> **Task prompt**: Return all lines from the entries below in which the word "left" is present.

> **Excerpted data**:
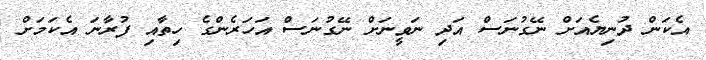
އެކަން ދުނިޔެއަށް ނޭގުނަސް އަދި ނަވީނަށް ނޭގުނަސް އަހަރެންގެ ހިތާއި ފުރާނަ އެކަމަށް
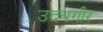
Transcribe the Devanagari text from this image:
उदयगीर
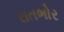
રાતભોર
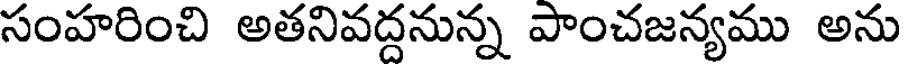
సంహరించి అతనివద్దనున్న పాంచజన్యము అను
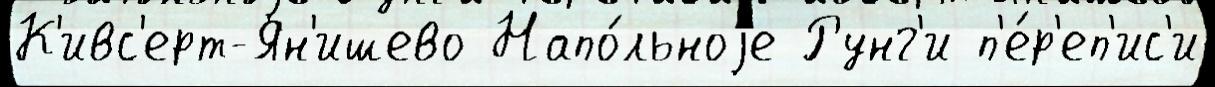
К'ивс'ерт-Ян'ишево Напо́льноjе Рунг'и п'е́р'еп'ис'и
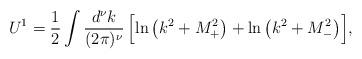
LaTeX: \begin{align*}U^1=\frac{1}{2}\int \frac{d^\nu k}{(2\pi)^\nu}\,\Bigl[\ln \left(k^2+M^2_{+}\right)+\ln \left(k^2+M^2_{-}\right)\Bigr],\end{align*}
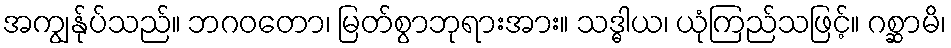
အကျွန်ုပ်သည်။ ဘဂဝတော၊ မြတ်စွာဘုရားအား။ သဒ္ဓါယ၊ ယုံကြည်သဖြင့်။ ဂစ္ဆာမိ၊
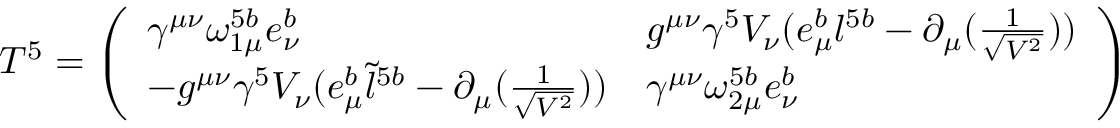
T ^ { 5 } = \left( \begin{array} { l l } { { \gamma ^ { \mu \nu } \omega _ { 1 \mu } ^ { 5 b } e _ { \nu } ^ { b } } } & { { g ^ { \mu \nu } \gamma ^ { 5 } V _ { \nu } ( e _ { \mu } ^ { b } l ^ { 5 b } - \partial _ { \mu } ( \frac { 1 } { \sqrt { V ^ { 2 } } } ) ) } } \\ { { - g ^ { \mu \nu } \gamma ^ { 5 } V _ { \nu } ( e _ { \mu } ^ { b } \tilde { l } ^ { 5 b } - \partial _ { \mu } ( \frac { 1 } { \sqrt { V ^ { 2 } } } ) ) } } & { { \gamma ^ { \mu \nu } \omega _ { 2 \mu } ^ { 5 b } e _ { \nu } ^ { b } } } \end{array} \right)
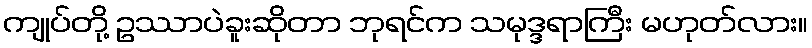
ကျုပ်တို့ ဥဿာပဲခူးဆိုတာ ဘုရင်က သမုဒ္ဒရာကြီး မဟုတ်လား။
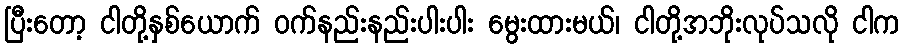
ပြီးတော့ ငါတို့နှစ်ယောက် ဝက်နည်းနည်းပါးပါး မွေးထားမယ်၊ ငါတို့အဘိုးလုပ်သလို ငါက

> **Response below**:
LaTeX: \begin{align*}U^1=\frac{1}{2}\int \frac{d^\nu k}{(2\pi)^\nu}\,\Bigl[\ln \left(k^2+M^2_{+}\right)+\ln \left(k^2+M^2_{-}\right)\Bigr],\end{align*}
T ^ { 5 } = \left( \begin{array} { l l } { { \gamma ^ { \mu \nu } \omega _ { 1 \mu } ^ { 5 b } e _ { \nu } ^ { b } } } & { { g ^ { \mu \nu } \gamma ^ { 5 } V _ { \nu } ( e _ { \mu } ^ { b } l ^ { 5 b } - \partial _ { \mu } ( \frac { 1 } { \sqrt { V ^ { 2 } } } ) ) } } \\ { { - g ^ { \mu \nu } \gamma ^ { 5 } V _ { \nu } ( e _ { \mu } ^ { b } \tilde { l } ^ { 5 b } - \partial _ { \mu } ( \frac { 1 } { \sqrt { V ^ { 2 } } } ) ) } } & { { \gamma ^ { \mu \nu } \omega _ { 2 \mu } ^ { 5 b } e _ { \nu } ^ { b } } } \end{array} \right)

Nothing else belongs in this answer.